News from our full member LV Prasad Eye Institute

Some time ago, Anthony Aldave, a celebrated ophthalmologist and the director of the Corneal Genetics Laboratory at the Jules Stein Eye Institute in California, visited us at LVPEI. Muralidhara Ramappa, head of LVPEI’s Centre for Rare Eye Diseases, and Tony share an interest in rare, congenital corneal disorders. In the course of their conversations, Murali made an observation: among children with Congenital Hereditary Endothelial Dystrophy (CHED), more boys seemed to be turning up in his clinic than girls. CHED is a rare condition; only 3 out of 100,000 newborns in European populations develop this condition. While the prevalence is higher in south Asia, its rarity still makes it hard to identify a pattern from clinical observation alone.
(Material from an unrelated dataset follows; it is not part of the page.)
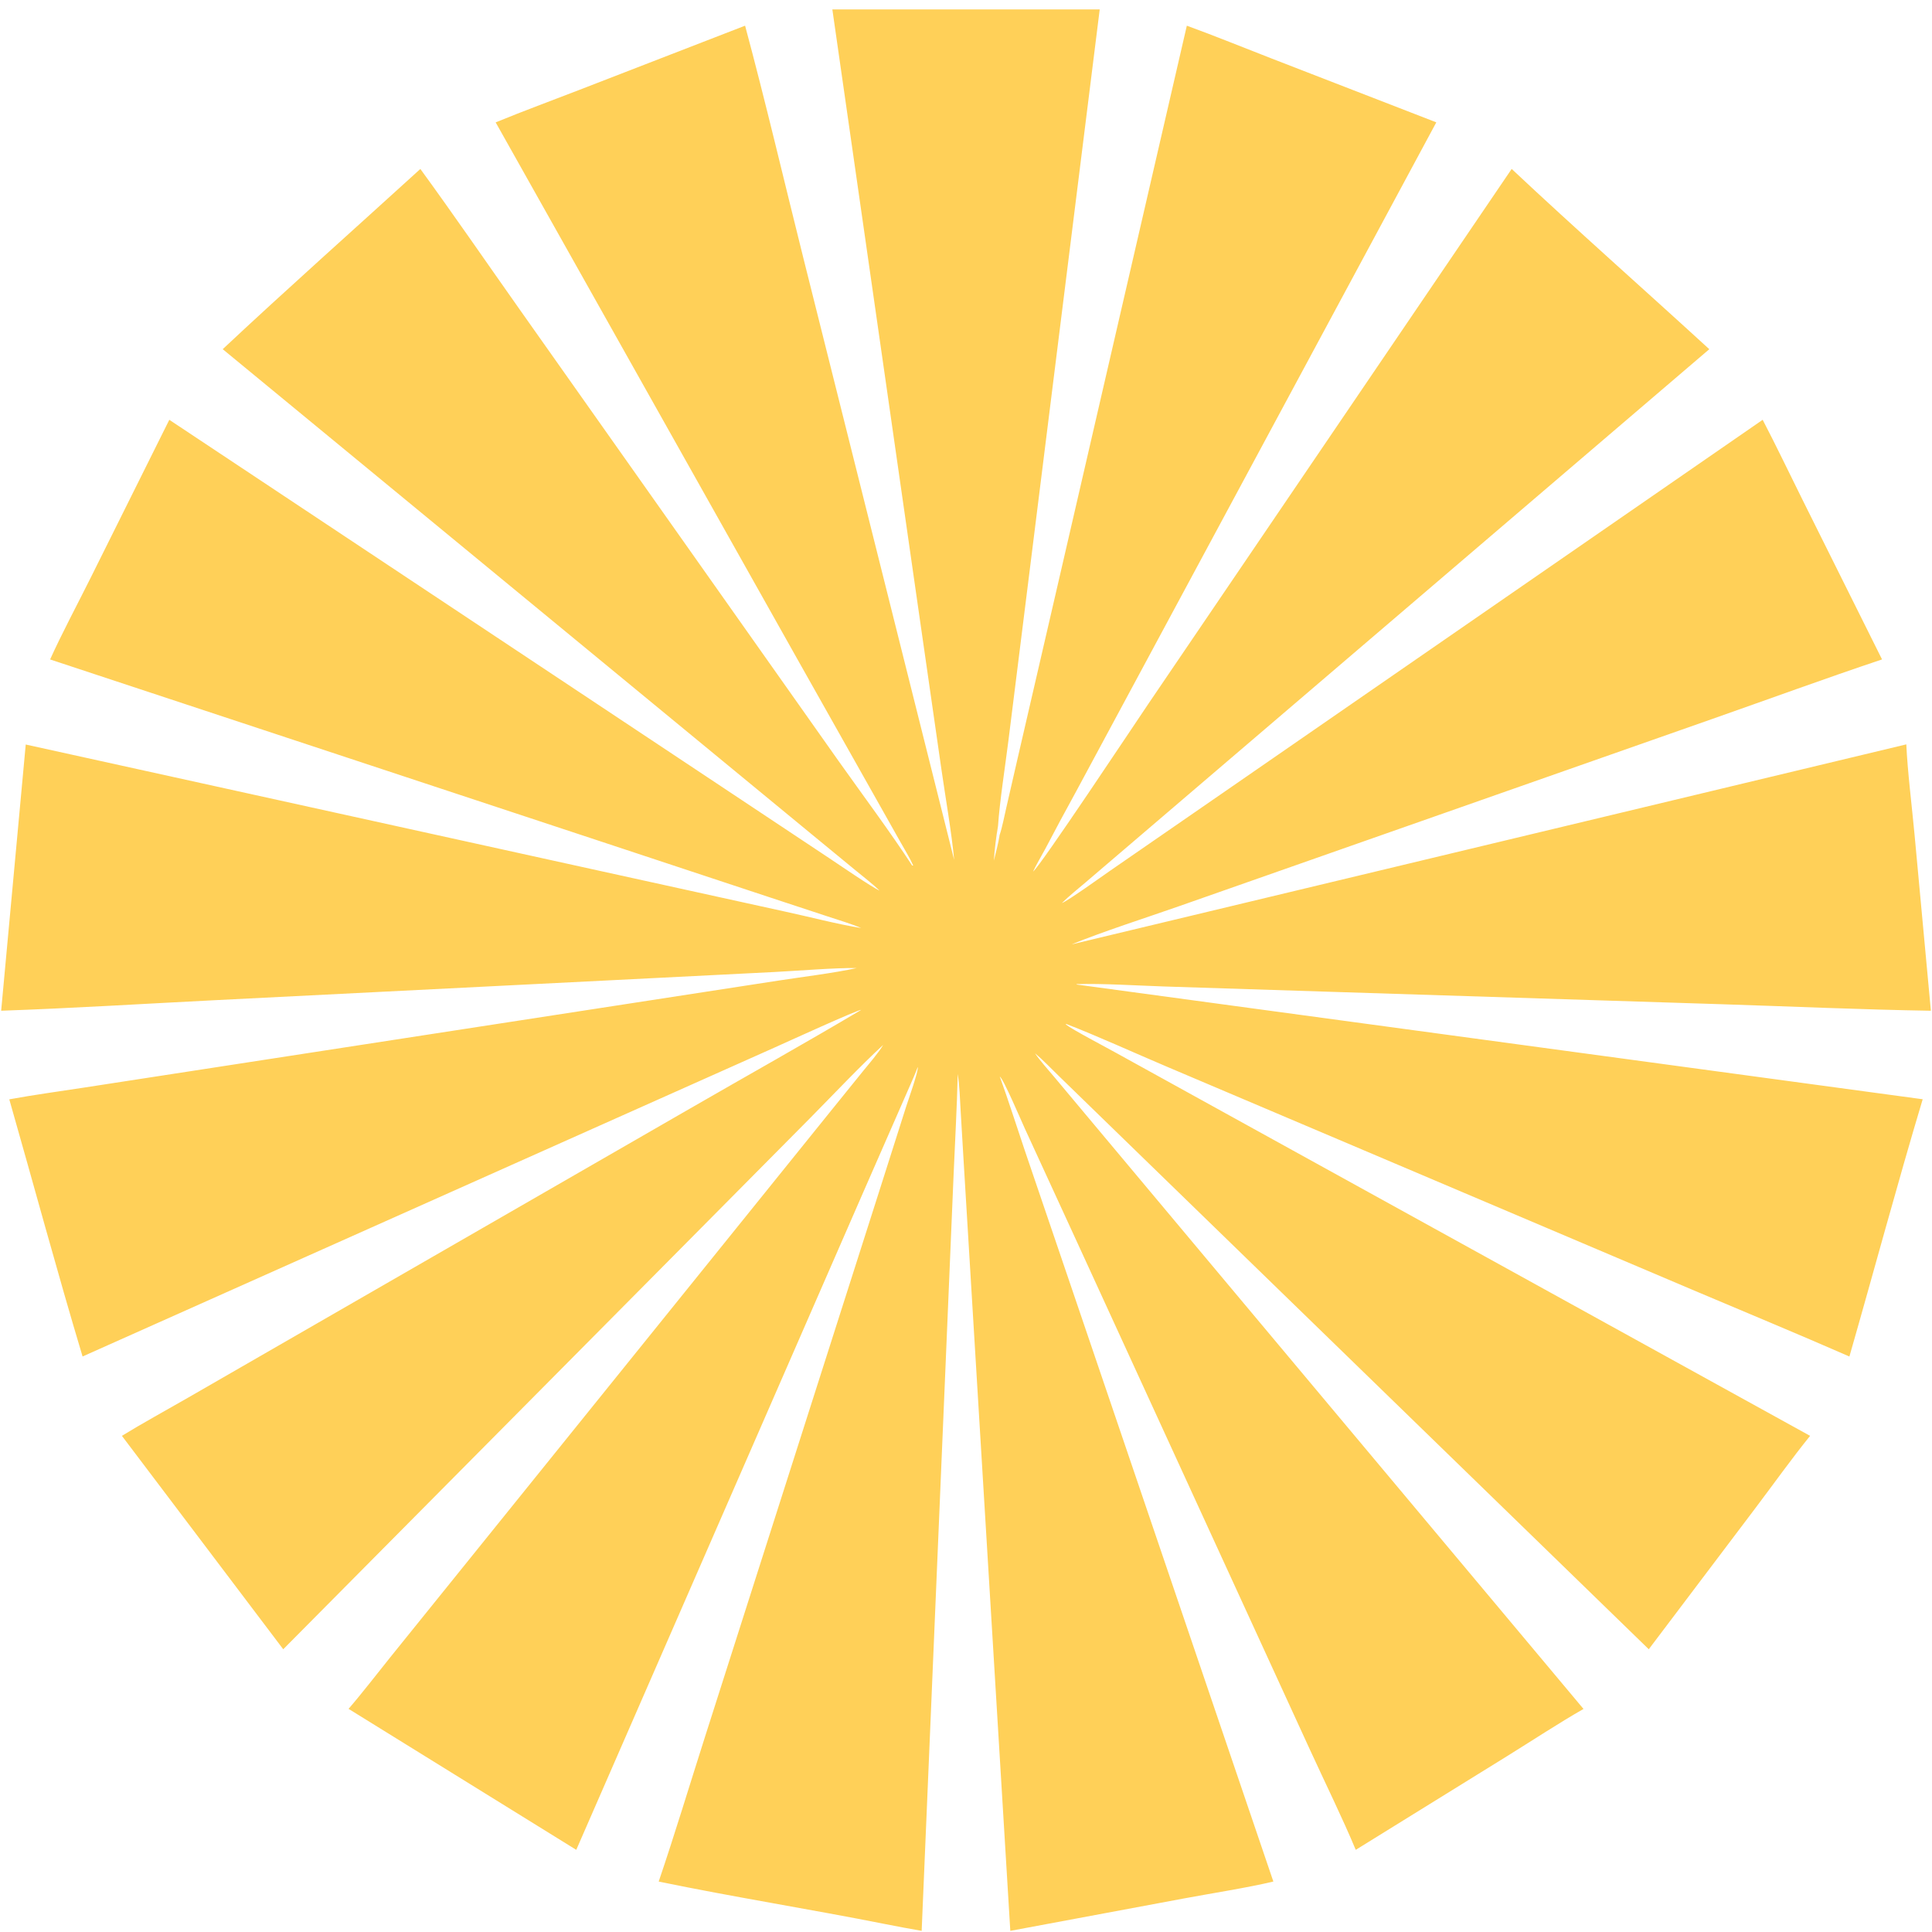 <?xml version="1.0" encoding="utf-8"?> <svg xmlns="http://www.w3.org/2000/svg" xmlns:xlink="http://www.w3.org/1999/xlink" width="4096" height="4096" viewBox="0 0 4096 4096"><path fill="#FFD058" d="M1764.65 19.98L2331.49 19.98L2181.8 1219.04L2138.03 1569.36C2131.47 1621.9 2119.18 1700.7 2115.9 1751.22C2112.13 1772.26 2108.23 1803.29 2107.09 1824.65C2111.41 1807.09 2116.74 1787.52 2119.4 1769.82C2124.32 1755.98 2130.16 1726.74 2133.69 1711.28L2157.64 1606.92L2241.82 1242.76L2516.17 54.477C2574.85 75.743 2637.41 101.369 2695.92 124.024L3045.08 259.371L2471.48 1324.93L2281.81 1677.3C2259.47 1717.9 2237.54 1758.72 2216.03 1799.77C2209.07 1812.94 2195.46 1835.78 2190.23 1847.79C2205.07 1837.22 2406.79 1533.18 2434.66 1492.12L3204.88 358.154C3340.64 485.695 3486.1 614.107 3623.85 740.329L2679.82 1547.44L2393.22 1792.42L2302.48 1869.93C2287.59 1882.65 2264.76 1901.01 2251.3 1914.56C2263.76 1910.19 2336.96 1857.49 2352.41 1846.83L2606.17 1671.57L3737.01 890.009C3765.58 944.758 3793.92 1004.25 3821.57 1059.77L3990.08 1398.02C3870.56 1438.04 3747.96 1482.88 3628.78 1524.73L2928.33 1770.7L2499.72 1921.21C2430.95 1945.36 2337.44 1975.23 2271.73 2002.23L4041.54 1578.13C4043.98 1634.02 4053.59 1711.22 4058.88 1768.22L4093.63 2142.87C3947.06 2140.49 3796.09 2133.71 3649.29 2129.02L2810 2102.35L2467.47 2091.4C2413.72 2089.64 2334.72 2084.65 2282.39 2086.43L2282.54 2087.29L4076.27 2330.5C4022.52 2509.48 3972.67 2695.71 3920.87 2875.95C3810.69 2827.58 3696.8 2780.62 3585.84 2733.52L2933.19 2456.41L2473.41 2261.27C2406.48 2232.93 2326.88 2196.57 2260.15 2170.71L2259.8 2172.04C2272.19 2182.22 2346.4 2221.09 2364.85 2231.44L2699 2415.88L3837.57 3044.12C3799.65 3090.87 3758.95 3147.84 3722.11 3196.62L3495.53 3496.55L2608.48 2634.58L2331 2365L2243.89 2280.28C2229.07 2265.87 2209.6 2245.67 2194.32 2233.02C2204.1 2247.89 2223.01 2268.83 2234.86 2282.98L2308.51 2370.98L2556.4 2667.01L3357.15 3623.11C3306.16 3652.17 3244.78 3692.45 3193.81 3724.01L2874.3 3921.83C2846.34 3854.77 2808.78 3778.42 2777.88 3711.02L2576.76 3272.7L2284.04 2634.65L2172.73 2392.6C2165.71 2377.33 2126.31 2284.93 2119.71 2282.58C2138.02 2333.24 2155.35 2388.03 2172.71 2439.31L2272.77 2733.31L2699.63 3989.01C2645.29 4002.06 2567.74 4014.1 2511.52 4024.61L2141.93 4093.59L2066.57 2851.43L2043.48 2470.16L2036.65 2355.2C2035.22 2330.41 2034.35 2301.13 2030.49 2277.07C2028.89 2346.96 2024.65 2420.49 2021.71 2490.51L2004.5 2898.91L1954.01 4093.6C1928.75 4089.18 1903.02 4084.42 1877.88 4079.42C1718.1 4047.65 1555.92 4022.02 1396.48 3989.07C1430.41 3889.31 1462.67 3782.32 1494.84 3681.61L1687.97 3076.88L1862.89 2529.06L1921.51 2344.86C1924.91 2334.18 1948.26 2268.37 1945.65 2262.26C1940.84 2275.35 1935.49 2287.28 1929.89 2300.04C1863.47 2451.53 1797.05 2603.1 1731.02 2754.77L1221.72 3921.81L738.976 3622.91C767.877 3589.56 799.476 3548.22 827.757 3513.15L998.158 3301.87L1513.7 2662.59L1766.08 2349.58L1830.52 2269.87C1841.67 2256.19 1864.2 2229.98 1872.3 2215.4C1822.41 2261.41 1765.53 2321.91 1716.81 2371.11L1442.13 2648.09L600.484 3496.56L258.444 3044.1C302.088 3017.32 353.347 2989.3 398.118 2963.52L672.422 2805.53L1461.48 2351.03C1582.03 2281.49 1706.52 2211.93 1825.87 2141.01C1820.86 2139.44 1660.1 2212.86 1643.16 2220.42L1272.63 2385.81L175.073 2875.85C121.352 2696.95 71.225 2510.91 19.697 2330.69C71.453 2321.2 127.522 2313.58 179.73 2305.54L469.942 2260.84L1336.39 2127.3L1649.87 2079C1699.88 2071.29 1768.69 2062.89 1816.43 2052.33C1770.78 2051.61 1689.55 2058.32 1642.18 2060.71L1288.17 2078.57L456.263 2120.45C306.243 2128.01 152.075 2137.64 2.451 2142.82L54.553 1578.44L1265.61 1844.99L1664.18 1932.59C1715.86 1943.68 1774.65 1959.33 1825.8 1967.56C1804.89 1958.55 1775.98 1949.96 1753.74 1942.6L1630.85 1902.09L1269.37 1782.48L106.233 1398.09C130.294 1344.62 164.833 1279.88 191.723 1225.88L358.94 890.009L1480.35 1634.89L1758.5 1819.71C1775.56 1831 1851.47 1883.07 1864.58 1887.99C1851.37 1875.08 1828.4 1857.2 1813.6 1845.01L1719.37 1767.51L1419.39 1520.43L472.17 740.291C608.421 612.561 752.804 484.337 891.188 358.199C961.404 454.472 1031.2 556.206 1100.12 653.788L1510.31 1234.58L1777.75 1613.26C1827.14 1682.91 1887.88 1764.52 1933.91 1835.05L1936.1 1834.98C1929.83 1820.63 1916.72 1798.9 1908.65 1784.57L1859.2 1696.82L1690.48 1397.41L1050.83 259.415C1108.4 235.804 1170.47 212.965 1228.72 190.393L1579.65 54.432C1622.91 215.162 1662.74 385.491 1703.29 547.449L2022.9 1823.1C2017.73 1766.51 2004.19 1688.95 1995.88 1631.06L1942.2 1257.7L1764.65 19.98Z"></path><path fill="#110F05" fill-opacity="0.012" d="M2107.09 1824.65C2108.23 1803.29 2112.13 1772.26 2115.9 1751.22L2116.61 1760.66C2117.09 1766.88 2116.33 1764.75 2119.4 1769.82C2116.74 1787.52 2111.41 1807.09 2107.09 1824.65Z"></path></svg>

Tony and his colleagues at the University of California Los Angeles (UCLA) took Murali’s insight forward to test this observation in their lab. What followed exemplifies the spirit of enquiry that defines our work; clinical intuition/observation, leading to laboratory investigation and findings brought back to inform patient care.

Rare diseases

CHED is one of many rare, hereditary conditions that are found at a higher frequency in our region, partly due to consanguinity, the cultural practice of marrying close relatives in a family (or, in genetic terms, marriage between two people who share a common ancestor). The practice is prevalent in the Middle East, South and South East Asia. In India, consanguineous marriages account for an estimated 10% of all unions and are associated with a higher risk of genetic disorders including rare ocular genetic
disorders like CHED. CHED is caused by mutations in a single gene, SLC4A11, which leads to increased oxidative stress, corneal cell dysfunction, and eventual cell death. The disease follows an autosomal recessive pattern–a child must inherit two copies of the mutated gene, one from each parent, to develop the condition.

Tony is a leader in genetic corneal dystrophies, and his work has done much to help our understanding of many of these conditions, including CHED. Murali and his colleagues have managed nearly 900 families affected by this condition, making us one of the largest referral centres for this rare condition. Such scale creates a fertile ground for serendipitous insights that might otherwise remain unnoticed. That day, Tony and Murali discussed CHED’s odd pattern in LVPEI patient histories: most patients with the condition were boys.

The Role of Sex as a biological variable

What began as a clinical observation led to a collaborative research effort between LVPEI, the Stein Eye Institute, and AIIMS, New Delhi. The findings were striking. CHED in boys presents with a more severe pattern of the disease and they need surgery at a relatively younger age. They exhibit a higher level of oxidative stress and corneal swelling. Their work resulted in the first set of definitive evidence that sex is a key biological variable to determine CHED severity. The research also identified that oestrogen, a female sex hormone that is predominant in girls and women, has a protective role to play. In experimental models, the removal of ovaries (which produce oestrogen) in female mice led to a rapid worsening of
CHED, suggesting that hormonal differences significantly modulate disease expression. This has important implications: while CHED is a ‘Mendelian disorder’ (caused by a mutation to a single gene) and an attractive candidate for gene therapy, future clinical trials must account for sex differences to ensure accurate and effective outcomes.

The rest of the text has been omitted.